Chief Operating Officer Joseph Chyatte said he was unaware of similar pushes for transparency.

“What’s disconcerting to me is that the city admitted receiving complaints of fraudulent transactions for a year and a half and didn’t tell the public until this month,” Chyatte said in a Friday interview.”Our position is, a government works best when it’s transparent. There is some obligation to notify residents when this kind of thing happens.”

Only a handful of municipalities in Oregon used Click2Gov, and chances are fewer will opt for a system plagued by hackers.

Ashland Administrative Services Director Mark Welch said the billing system used by his city doesn’t involve customer financial information going through city servers.
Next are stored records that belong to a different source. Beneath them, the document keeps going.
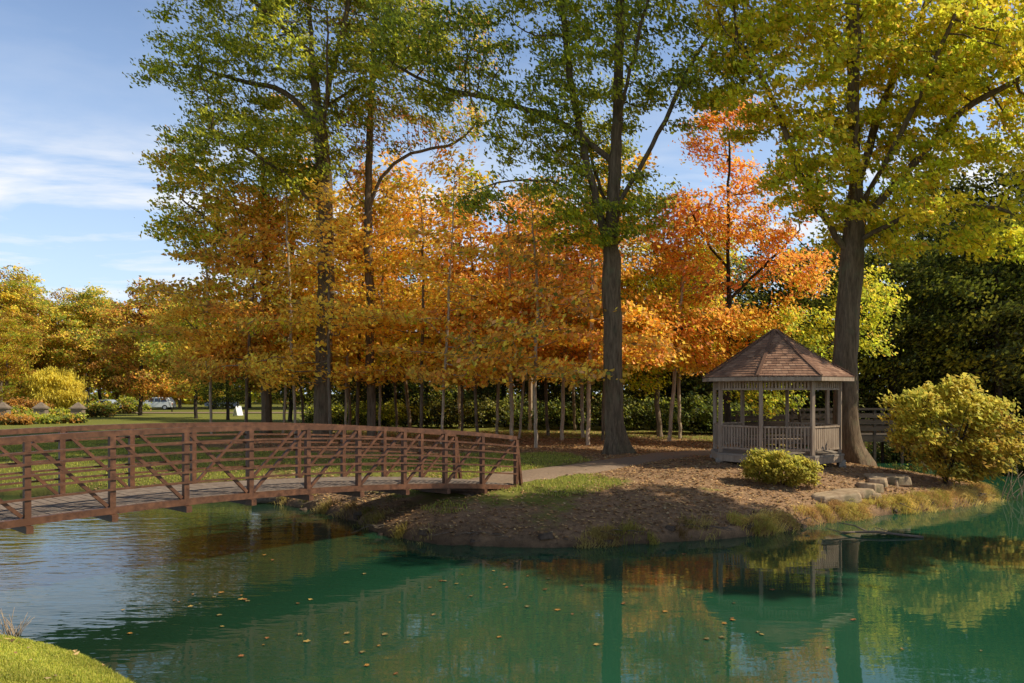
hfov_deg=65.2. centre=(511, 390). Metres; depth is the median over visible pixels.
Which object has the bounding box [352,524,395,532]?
twig tangle
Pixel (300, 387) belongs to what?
slender maple
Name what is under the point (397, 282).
slender maple
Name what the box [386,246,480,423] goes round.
shaded tree
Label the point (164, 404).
parked car
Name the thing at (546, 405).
slender maple
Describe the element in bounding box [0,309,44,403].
broadleaf tree
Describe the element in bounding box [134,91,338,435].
maple tree
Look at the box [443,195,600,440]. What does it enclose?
slender maple
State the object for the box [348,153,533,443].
slender maple
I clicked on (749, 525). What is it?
rock
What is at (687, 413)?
understorey shrub
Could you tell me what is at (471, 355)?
slender maple
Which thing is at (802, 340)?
tree
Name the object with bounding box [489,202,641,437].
slender maple
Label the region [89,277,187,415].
broadleaf tree
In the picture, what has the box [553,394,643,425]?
understorey shrub
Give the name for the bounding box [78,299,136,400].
broadleaf tree
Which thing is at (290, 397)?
shaded tree
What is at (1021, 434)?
understorey shrub
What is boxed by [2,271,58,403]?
broadleaf tree
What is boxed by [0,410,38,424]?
hedge shrub
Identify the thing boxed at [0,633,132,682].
lawn grass
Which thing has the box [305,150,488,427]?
slender maple
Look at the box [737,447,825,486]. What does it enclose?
azalea bush
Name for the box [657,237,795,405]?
shaded tree
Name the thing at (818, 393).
shaded tree
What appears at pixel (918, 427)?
golden bush
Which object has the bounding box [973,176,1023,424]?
hemlock tree
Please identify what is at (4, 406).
gate pillar
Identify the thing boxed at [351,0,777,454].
oak tree
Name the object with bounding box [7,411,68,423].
hedge shrub
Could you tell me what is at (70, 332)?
broadleaf tree
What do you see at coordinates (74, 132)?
sky
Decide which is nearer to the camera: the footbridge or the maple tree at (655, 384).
the footbridge
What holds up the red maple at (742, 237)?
on the ground at (564, 512)
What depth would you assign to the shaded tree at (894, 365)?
42.76 m
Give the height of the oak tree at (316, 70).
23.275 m
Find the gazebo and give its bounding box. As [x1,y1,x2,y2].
[702,329,854,467]
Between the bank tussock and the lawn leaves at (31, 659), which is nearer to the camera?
the lawn leaves at (31, 659)
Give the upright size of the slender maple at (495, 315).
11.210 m
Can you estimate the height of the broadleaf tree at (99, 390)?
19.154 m
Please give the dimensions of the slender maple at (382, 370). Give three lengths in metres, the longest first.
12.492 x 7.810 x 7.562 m
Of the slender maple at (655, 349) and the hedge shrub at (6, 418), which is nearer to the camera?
the slender maple at (655, 349)
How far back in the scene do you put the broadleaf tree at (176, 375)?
65.18 m
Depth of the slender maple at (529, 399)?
43.34 m
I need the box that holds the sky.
[0,0,1023,393]
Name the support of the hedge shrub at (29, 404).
on the ground at (564, 512)
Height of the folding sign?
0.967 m
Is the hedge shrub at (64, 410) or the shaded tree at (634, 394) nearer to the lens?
the shaded tree at (634, 394)
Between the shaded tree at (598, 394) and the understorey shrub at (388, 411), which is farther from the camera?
the shaded tree at (598, 394)
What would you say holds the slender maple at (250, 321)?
on the ground at (564, 512)
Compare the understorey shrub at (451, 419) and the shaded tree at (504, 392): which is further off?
the shaded tree at (504, 392)
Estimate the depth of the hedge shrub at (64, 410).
62.40 m
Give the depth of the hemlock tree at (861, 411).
50.76 m
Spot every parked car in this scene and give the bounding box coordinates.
[97,400,117,404]
[143,397,175,409]
[204,398,238,408]
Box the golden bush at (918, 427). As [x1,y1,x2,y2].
[875,372,1023,487]
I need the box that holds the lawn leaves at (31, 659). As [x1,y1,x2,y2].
[7,638,103,678]
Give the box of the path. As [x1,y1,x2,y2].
[417,450,710,496]
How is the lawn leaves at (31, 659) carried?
on the ground at (564, 512)
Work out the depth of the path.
21.79 m
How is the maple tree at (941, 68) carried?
on the ground at (564, 512)
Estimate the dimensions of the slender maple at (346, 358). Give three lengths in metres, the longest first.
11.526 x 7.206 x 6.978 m
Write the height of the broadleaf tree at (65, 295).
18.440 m
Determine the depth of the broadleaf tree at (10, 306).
101.26 m
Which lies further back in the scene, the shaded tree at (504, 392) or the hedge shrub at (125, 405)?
the hedge shrub at (125, 405)
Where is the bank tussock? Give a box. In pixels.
[269,474,1009,549]
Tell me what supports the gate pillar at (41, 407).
on the ground at (564, 512)
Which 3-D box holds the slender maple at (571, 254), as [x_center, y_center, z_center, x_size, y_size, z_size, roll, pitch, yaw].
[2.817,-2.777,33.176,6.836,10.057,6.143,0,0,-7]
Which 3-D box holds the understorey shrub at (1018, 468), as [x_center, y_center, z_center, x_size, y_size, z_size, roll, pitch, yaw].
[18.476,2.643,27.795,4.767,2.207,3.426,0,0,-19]
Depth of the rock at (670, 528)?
15.52 m
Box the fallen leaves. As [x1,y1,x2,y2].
[86,430,978,538]
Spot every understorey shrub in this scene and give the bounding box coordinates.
[297,401,382,424]
[332,398,431,426]
[400,396,504,428]
[456,394,541,427]
[501,398,601,429]
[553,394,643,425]
[591,395,683,430]
[639,385,749,433]
[681,395,783,434]
[864,431,920,458]
[888,458,982,472]
[926,423,1023,467]
[974,448,1023,475]
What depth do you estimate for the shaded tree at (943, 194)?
57.13 m
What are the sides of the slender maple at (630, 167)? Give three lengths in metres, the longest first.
12.672 x 7.074 x 6.788 m
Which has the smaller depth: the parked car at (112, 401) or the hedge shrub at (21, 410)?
the hedge shrub at (21, 410)
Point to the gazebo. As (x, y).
(773, 359)
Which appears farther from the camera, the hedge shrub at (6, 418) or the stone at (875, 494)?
the hedge shrub at (6, 418)
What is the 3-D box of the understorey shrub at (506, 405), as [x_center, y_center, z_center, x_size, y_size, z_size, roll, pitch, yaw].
[-0.407,1.301,47.999,6.198,2.242,3.595,0,0,0]
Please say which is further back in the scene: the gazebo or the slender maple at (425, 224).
the slender maple at (425, 224)
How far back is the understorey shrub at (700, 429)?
40.59 m
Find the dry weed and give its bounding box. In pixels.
[0,607,32,637]
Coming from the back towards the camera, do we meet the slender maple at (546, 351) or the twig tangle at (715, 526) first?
the slender maple at (546, 351)
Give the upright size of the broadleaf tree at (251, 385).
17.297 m
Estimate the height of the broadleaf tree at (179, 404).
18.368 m
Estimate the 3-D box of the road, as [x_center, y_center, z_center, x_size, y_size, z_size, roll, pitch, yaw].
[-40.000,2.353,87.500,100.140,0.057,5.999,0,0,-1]
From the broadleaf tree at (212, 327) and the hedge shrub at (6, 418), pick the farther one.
the broadleaf tree at (212, 327)
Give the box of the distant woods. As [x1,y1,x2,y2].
[3,333,883,404]
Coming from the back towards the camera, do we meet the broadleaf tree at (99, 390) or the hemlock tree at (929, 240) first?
the broadleaf tree at (99, 390)
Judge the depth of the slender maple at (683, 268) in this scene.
32.75 m
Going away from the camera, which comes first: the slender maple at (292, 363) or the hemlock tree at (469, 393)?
the slender maple at (292, 363)
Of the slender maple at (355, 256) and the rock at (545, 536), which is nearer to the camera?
the rock at (545, 536)
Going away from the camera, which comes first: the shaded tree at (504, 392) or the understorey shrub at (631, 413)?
the understorey shrub at (631, 413)
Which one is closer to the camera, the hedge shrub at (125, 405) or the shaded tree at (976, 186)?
the shaded tree at (976, 186)
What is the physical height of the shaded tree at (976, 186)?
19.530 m
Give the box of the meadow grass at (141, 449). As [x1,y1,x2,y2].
[0,436,712,513]
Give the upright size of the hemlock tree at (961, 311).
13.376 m
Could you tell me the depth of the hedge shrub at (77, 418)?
54.76 m
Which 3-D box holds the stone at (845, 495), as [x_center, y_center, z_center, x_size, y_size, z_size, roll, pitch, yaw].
[7.566,2.512,18.718,1.241,0.268,0.846,-4,2,-5]
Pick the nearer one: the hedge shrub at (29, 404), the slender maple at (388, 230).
the slender maple at (388, 230)
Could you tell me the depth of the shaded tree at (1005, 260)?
55.39 m
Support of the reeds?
on the water
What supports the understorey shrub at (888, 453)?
on the ground at (564, 512)
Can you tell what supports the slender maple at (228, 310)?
on the ground at (564, 512)
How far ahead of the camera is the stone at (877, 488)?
19.67 m
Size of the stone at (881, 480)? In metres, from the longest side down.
0.477 x 0.470 x 0.264 m
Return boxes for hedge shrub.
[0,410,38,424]
[4,396,54,410]
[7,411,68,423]
[10,403,32,414]
[32,404,85,416]
[39,411,89,422]
[76,399,121,417]
[99,396,150,413]
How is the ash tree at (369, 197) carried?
on the ground at (564, 512)
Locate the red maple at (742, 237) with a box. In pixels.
[587,95,839,421]
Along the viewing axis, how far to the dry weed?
9.42 m
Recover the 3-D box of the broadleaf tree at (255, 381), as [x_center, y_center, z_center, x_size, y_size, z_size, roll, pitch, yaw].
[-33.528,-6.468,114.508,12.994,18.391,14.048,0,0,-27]
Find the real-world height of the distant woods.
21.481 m
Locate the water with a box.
[0,444,1023,682]
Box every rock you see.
[353,511,363,519]
[418,530,427,535]
[538,532,553,539]
[665,525,675,531]
[745,521,753,528]
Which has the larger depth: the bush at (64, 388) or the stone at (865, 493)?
the bush at (64, 388)
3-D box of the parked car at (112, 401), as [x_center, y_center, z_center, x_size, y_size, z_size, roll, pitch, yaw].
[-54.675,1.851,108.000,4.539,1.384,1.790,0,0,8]
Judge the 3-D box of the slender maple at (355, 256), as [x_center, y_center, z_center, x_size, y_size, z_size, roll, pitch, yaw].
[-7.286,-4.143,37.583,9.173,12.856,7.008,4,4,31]
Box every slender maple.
[104,163,295,433]
[168,181,315,438]
[178,167,332,432]
[183,141,371,437]
[237,176,410,444]
[240,153,384,422]
[262,182,424,433]
[272,164,440,424]
[282,181,396,424]
[294,164,460,432]
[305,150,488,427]
[311,158,444,432]
[335,175,498,427]
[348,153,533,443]
[374,140,521,436]
[391,212,524,428]
[410,185,529,439]
[415,234,529,433]
[430,182,647,447]
[437,177,581,438]
[438,173,588,429]
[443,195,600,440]
[479,193,597,435]
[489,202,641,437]
[492,194,651,430]
[505,202,690,445]
[512,218,663,440]
[531,140,694,440]
[584,188,755,441]
[623,206,764,438]
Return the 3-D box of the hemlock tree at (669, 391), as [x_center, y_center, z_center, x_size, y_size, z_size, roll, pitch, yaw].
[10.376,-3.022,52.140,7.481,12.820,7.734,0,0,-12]
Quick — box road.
[136,412,304,412]
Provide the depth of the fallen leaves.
20.94 m
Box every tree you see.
[0,263,49,402]
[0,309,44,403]
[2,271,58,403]
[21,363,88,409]
[30,285,84,371]
[39,282,118,404]
[74,290,137,400]
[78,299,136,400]
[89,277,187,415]
[107,303,175,408]
[122,0,462,441]
[129,284,240,418]
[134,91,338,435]
[153,377,188,411]
[160,288,210,407]
[165,290,238,408]
[179,327,252,419]
[231,296,260,407]
[249,287,310,408]
[254,333,334,421]
[279,265,364,408]
[323,0,507,439]
[337,271,433,420]
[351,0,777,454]
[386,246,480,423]
[428,278,508,423]
[471,262,524,420]
[492,276,593,423]
[526,251,637,402]
[578,257,690,424]
[618,221,747,436]
[623,268,710,423]
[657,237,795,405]
[665,237,754,408]
[679,0,1023,466]
[697,219,832,420]
[717,261,910,447]
[720,224,885,419]
[789,213,921,425]
[799,228,966,418]
[840,150,1018,376]
[858,205,991,425]
[884,193,1023,429]
[897,133,1023,395]
[906,220,1023,428]
[931,190,1023,338]
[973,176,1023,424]
[982,262,1023,377]
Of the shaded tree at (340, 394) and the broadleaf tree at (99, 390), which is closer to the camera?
the shaded tree at (340, 394)
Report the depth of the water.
11.02 m
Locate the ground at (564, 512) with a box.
[0,394,1023,682]
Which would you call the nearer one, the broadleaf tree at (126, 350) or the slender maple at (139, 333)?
the slender maple at (139, 333)
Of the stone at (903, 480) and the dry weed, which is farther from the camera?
the stone at (903, 480)
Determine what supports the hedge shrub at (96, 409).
on the ground at (564, 512)
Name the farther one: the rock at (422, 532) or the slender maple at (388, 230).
the slender maple at (388, 230)
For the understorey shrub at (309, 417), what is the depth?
49.33 m
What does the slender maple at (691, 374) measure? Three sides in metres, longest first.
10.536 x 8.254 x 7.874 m
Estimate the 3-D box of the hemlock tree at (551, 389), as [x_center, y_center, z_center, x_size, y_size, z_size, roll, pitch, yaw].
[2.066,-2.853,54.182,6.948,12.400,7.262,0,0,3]
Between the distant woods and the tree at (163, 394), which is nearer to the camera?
the tree at (163, 394)
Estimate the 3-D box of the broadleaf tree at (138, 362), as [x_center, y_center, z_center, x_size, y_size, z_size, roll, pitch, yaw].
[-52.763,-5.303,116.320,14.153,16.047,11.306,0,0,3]
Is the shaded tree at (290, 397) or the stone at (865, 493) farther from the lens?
the shaded tree at (290, 397)
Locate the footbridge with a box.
[0,422,522,533]
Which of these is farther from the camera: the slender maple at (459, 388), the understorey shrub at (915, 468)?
the slender maple at (459, 388)
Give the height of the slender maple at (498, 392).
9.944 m
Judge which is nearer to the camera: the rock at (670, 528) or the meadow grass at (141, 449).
the rock at (670, 528)
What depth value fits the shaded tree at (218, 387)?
61.68 m
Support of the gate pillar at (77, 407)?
on the ground at (564, 512)
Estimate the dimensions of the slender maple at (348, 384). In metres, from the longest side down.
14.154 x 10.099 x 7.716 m
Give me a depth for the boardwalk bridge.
31.95 m
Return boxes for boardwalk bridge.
[724,408,1013,463]
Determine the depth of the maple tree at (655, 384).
35.95 m
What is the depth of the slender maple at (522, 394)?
35.26 m
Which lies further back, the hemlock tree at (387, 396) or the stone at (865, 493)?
the hemlock tree at (387, 396)
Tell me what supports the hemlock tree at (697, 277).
on the ground at (564, 512)
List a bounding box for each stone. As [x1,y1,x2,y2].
[811,490,861,504]
[831,488,875,499]
[856,482,883,492]
[863,473,911,485]
[867,477,887,486]
[872,493,881,499]
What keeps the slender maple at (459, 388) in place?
on the ground at (564, 512)
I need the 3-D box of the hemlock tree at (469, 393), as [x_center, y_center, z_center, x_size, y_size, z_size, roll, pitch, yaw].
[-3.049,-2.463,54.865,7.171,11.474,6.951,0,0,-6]
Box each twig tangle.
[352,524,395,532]
[683,524,735,530]
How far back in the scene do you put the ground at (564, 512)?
18.68 m
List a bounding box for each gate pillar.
[0,402,12,414]
[31,402,50,414]
[69,402,86,414]
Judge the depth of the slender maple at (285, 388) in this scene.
37.12 m
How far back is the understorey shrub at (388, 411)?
45.39 m
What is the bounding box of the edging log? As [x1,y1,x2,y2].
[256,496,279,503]
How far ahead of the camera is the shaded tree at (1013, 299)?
43.83 m
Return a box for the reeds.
[1001,461,1023,500]
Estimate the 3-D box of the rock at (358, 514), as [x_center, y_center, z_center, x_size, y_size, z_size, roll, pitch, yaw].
[-3.401,2.768,17.779,0.259,0.134,0.223,-5,17,-4]
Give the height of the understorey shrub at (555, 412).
2.076 m
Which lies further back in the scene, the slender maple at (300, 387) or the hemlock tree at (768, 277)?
the hemlock tree at (768, 277)
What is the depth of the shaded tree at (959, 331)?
41.28 m
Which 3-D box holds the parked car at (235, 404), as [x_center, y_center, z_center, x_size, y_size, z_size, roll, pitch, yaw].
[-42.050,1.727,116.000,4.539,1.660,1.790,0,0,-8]
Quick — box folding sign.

“We don’t touch any customers’ financial information and our servers never see it,” Welch said. “Pretty much for this reason; it can be a big nightmare.”

Here is a list of reported Click2Gov data breaches. Others may still be in the investigation period, or have not been publicly reported.

  • Oxnard, California, March 26 to May 29, 2017
  • Lake Worth, Florida, April 3, 2017, to Jan. 22, 2018
  • Goodyear, Arizona, June 13, 2017 to May 5, 2018
  • Oceanside, California, July 1 to Aug. 13, 2017
  • Bozeman, Montana, July 1, 2017, and Oct. 24, 2017
  • Beaumont, Texas, Aug. 1-24, 2017
  • Ormond Beach, Florida, Aug. 14 to Oct. 4, 2017
  • Fond du Lac, Wisconsin, August to October, 2017
  • Wellington, Florida, Nov. 28, 2017 to June 4
  • Okaloosa County, Florida, December 2017 to March 2018
  • Midland, Texas, December 2017 to June 2018
  • Thousand Oaks, California, Jan. 4-10, 2018
  • Medford, Oregon, Feb. 18 to March 14, 2018, and March 29 to April 16, 2018
  • Midwest City, Oklahoma, May 25 to June 21, 2018.

It’s not clear exactly which Click2Gov breaches were first detected, when red flags went up, or when they were first confirmed.

Superion is a Vista Equity partner. What potentially muddies the water for Click2Gov customers is a merger announced this week put together by Bain Capital and Vista Equity Partners. The multibillion-dollar private equity firms have combined Superion with San Diego-based TriTech and Alpharetta, Georgia-based Aptean to create a company providing software and services for public safety and government management in about 5,500 communities and jurisdictions, covering about three-quarters of the U.S. population.